▸ Work request:
Of all the lines in the entries below, give again exactly those starting at the line containing "FILE_NAME ('Support SNBA" and ending at the line containing "Entity records: 8448", both ends included, and no others.

= Beginning of Section =

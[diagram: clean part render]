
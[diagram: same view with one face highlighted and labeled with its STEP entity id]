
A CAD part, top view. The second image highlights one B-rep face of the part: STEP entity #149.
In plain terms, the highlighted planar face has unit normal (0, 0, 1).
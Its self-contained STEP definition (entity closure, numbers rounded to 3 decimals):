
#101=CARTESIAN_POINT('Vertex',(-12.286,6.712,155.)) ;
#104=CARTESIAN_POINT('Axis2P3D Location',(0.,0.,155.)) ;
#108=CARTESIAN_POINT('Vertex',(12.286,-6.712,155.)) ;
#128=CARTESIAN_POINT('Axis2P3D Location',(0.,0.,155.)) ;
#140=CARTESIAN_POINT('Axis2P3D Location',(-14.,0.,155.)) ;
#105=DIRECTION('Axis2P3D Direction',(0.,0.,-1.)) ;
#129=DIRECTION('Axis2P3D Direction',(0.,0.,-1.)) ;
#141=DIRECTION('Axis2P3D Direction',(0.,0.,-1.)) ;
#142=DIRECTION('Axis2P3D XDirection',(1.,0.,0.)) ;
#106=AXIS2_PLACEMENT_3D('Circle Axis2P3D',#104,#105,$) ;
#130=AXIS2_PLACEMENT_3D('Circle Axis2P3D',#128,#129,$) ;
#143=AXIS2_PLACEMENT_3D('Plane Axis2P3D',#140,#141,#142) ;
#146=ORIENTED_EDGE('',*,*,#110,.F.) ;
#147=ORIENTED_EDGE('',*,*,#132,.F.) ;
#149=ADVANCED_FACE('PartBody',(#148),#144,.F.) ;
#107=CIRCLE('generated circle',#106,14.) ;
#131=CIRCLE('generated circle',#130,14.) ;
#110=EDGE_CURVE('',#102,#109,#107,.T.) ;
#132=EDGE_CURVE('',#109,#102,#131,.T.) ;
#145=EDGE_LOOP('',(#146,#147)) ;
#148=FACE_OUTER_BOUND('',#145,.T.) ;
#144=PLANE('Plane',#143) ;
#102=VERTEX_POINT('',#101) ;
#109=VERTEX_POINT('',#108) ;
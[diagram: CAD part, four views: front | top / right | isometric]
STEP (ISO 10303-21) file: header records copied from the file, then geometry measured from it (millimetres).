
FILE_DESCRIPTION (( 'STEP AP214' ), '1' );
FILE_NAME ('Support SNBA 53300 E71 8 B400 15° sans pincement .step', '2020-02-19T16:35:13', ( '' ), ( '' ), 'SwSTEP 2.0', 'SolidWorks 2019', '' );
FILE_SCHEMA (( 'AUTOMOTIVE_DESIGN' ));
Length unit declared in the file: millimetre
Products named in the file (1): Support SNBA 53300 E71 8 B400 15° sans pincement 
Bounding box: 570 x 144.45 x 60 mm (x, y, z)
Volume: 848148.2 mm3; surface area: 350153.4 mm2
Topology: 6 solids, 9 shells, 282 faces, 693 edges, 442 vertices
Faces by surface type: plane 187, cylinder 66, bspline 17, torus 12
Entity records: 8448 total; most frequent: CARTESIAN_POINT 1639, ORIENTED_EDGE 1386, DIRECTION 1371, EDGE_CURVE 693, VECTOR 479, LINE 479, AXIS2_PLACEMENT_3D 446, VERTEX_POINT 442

= End of Section =
= Beginning of Section =

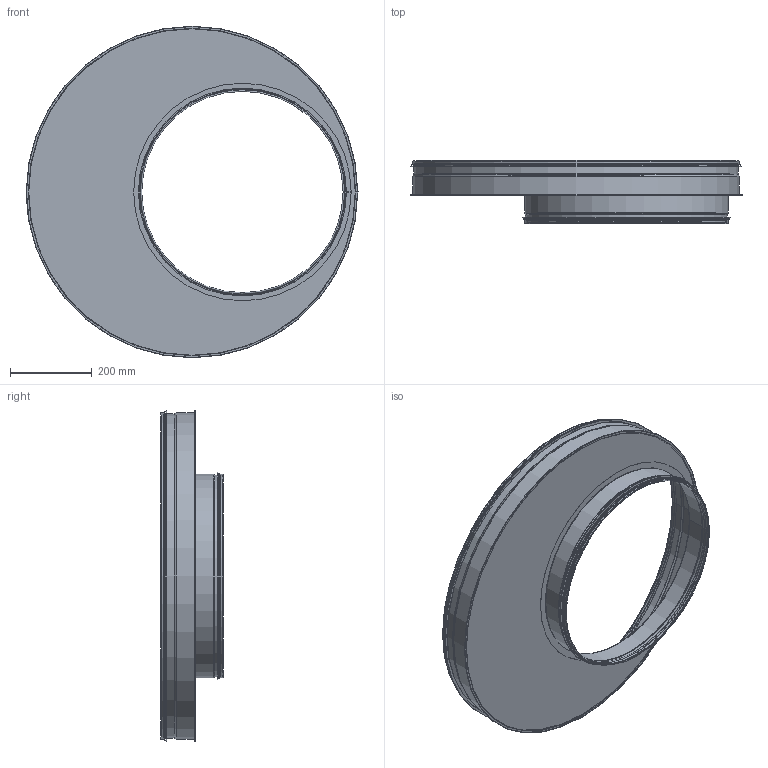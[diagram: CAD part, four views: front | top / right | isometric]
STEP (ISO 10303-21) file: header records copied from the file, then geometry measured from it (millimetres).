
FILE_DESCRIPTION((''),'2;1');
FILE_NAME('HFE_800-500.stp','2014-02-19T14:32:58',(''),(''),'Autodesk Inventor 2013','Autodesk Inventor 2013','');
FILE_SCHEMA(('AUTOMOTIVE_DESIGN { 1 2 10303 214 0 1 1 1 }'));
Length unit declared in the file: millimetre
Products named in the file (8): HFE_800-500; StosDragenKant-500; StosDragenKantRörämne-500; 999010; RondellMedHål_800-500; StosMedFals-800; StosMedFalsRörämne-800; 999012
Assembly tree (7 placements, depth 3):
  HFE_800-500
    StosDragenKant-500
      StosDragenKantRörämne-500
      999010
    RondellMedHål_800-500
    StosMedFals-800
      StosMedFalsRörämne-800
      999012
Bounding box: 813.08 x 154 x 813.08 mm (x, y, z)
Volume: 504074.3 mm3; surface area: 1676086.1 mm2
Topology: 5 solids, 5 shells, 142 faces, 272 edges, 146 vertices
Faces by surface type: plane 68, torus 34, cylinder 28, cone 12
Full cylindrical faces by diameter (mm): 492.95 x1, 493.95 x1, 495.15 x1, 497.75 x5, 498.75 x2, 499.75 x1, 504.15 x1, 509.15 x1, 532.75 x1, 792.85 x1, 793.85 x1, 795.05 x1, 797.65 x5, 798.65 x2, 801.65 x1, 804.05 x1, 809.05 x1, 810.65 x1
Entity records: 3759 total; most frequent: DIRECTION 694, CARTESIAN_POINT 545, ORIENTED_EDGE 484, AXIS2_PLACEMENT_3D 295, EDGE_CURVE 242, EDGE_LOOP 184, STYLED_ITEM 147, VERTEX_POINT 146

= End of Section =

▸ Solution to this task:
FILE_NAME ('Support SNBA 53300 E71 8 B400 15° sans pincement .step', '2020-02-19T16:35:13', ( '' ), ( '' ), 'SwSTEP 2.0', 'SolidWorks 2019', '' );
FILE_SCHEMA (( 'AUTOMOTIVE_DESIGN' ));
Length unit declared in the file: millimetre
Products named in the file (1): Support SNBA 53300 E71 8 B400 15° sans pincement 
Bounding box: 570 x 144.45 x 60 mm (x, y, z)
Volume: 848148.2 mm3; surface area: 350153.4 mm2
Topology: 6 solids, 9 shells, 282 faces, 693 edges, 442 vertices
Faces by surface type: plane 187, cylinder 66, bspline 17, torus 12
Entity records: 8448 total; most frequent: CARTESIAN_POINT 1639, ORIENTED_EDGE 1386, DIRECTION 1371, EDGE_CURVE 693, VECTOR 479, LINE 479, AXIS2_PLACEMENT_3D 446, VERTEX_POINT 442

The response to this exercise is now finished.